» **WORK TASK**
How many lines of the data include the string "Barbara"? State that number alone.
START SUPPLIED DATA
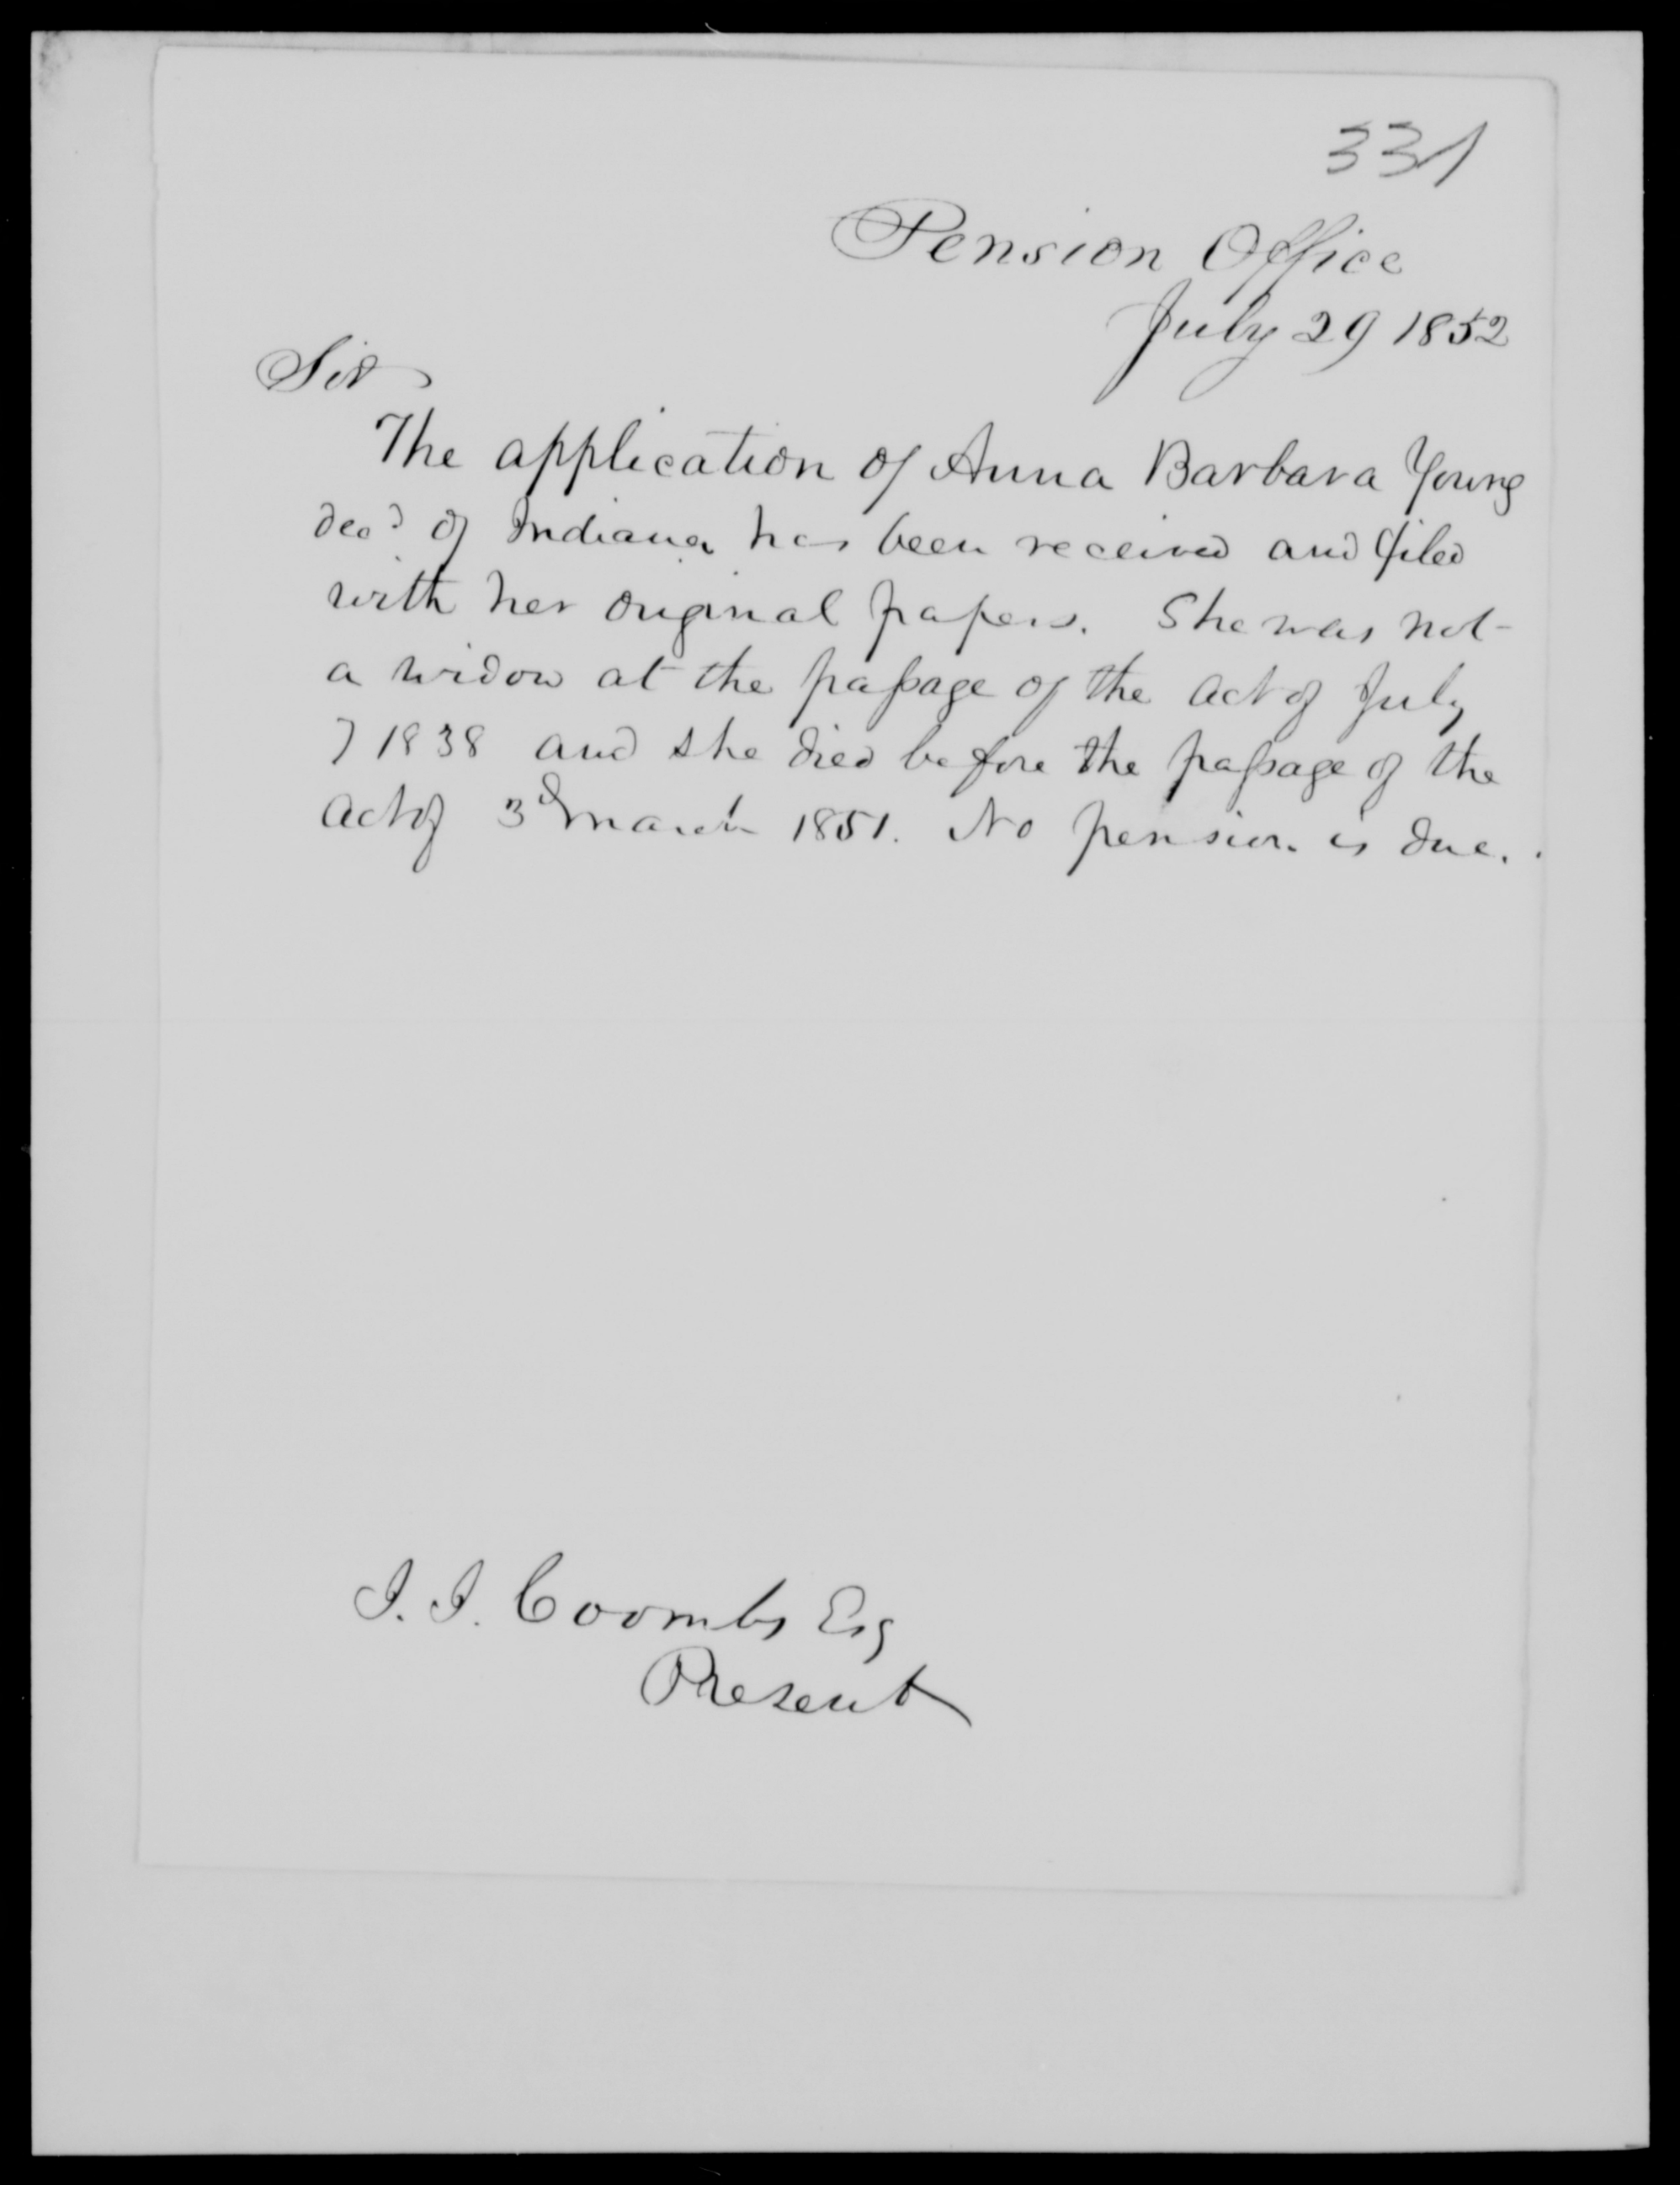331
Pension Office
July 29 1852

Sir
The application of Anna Barbara Young
dec’d of Indiana has been received and filed
with her original papers. She was not
a widow at the passage of the act of July
1838 and she died before the passage of the
Act of 3 March 1851. No pension is due


J. J. Coombs Esq
Present

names: Anna Barbara Young, J J Coombs
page: 74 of 123
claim: rejected
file: R. 11,949, Matthias Young, Md.
END SUPPLIED DATA
» **RESULT OF THE TASK**
2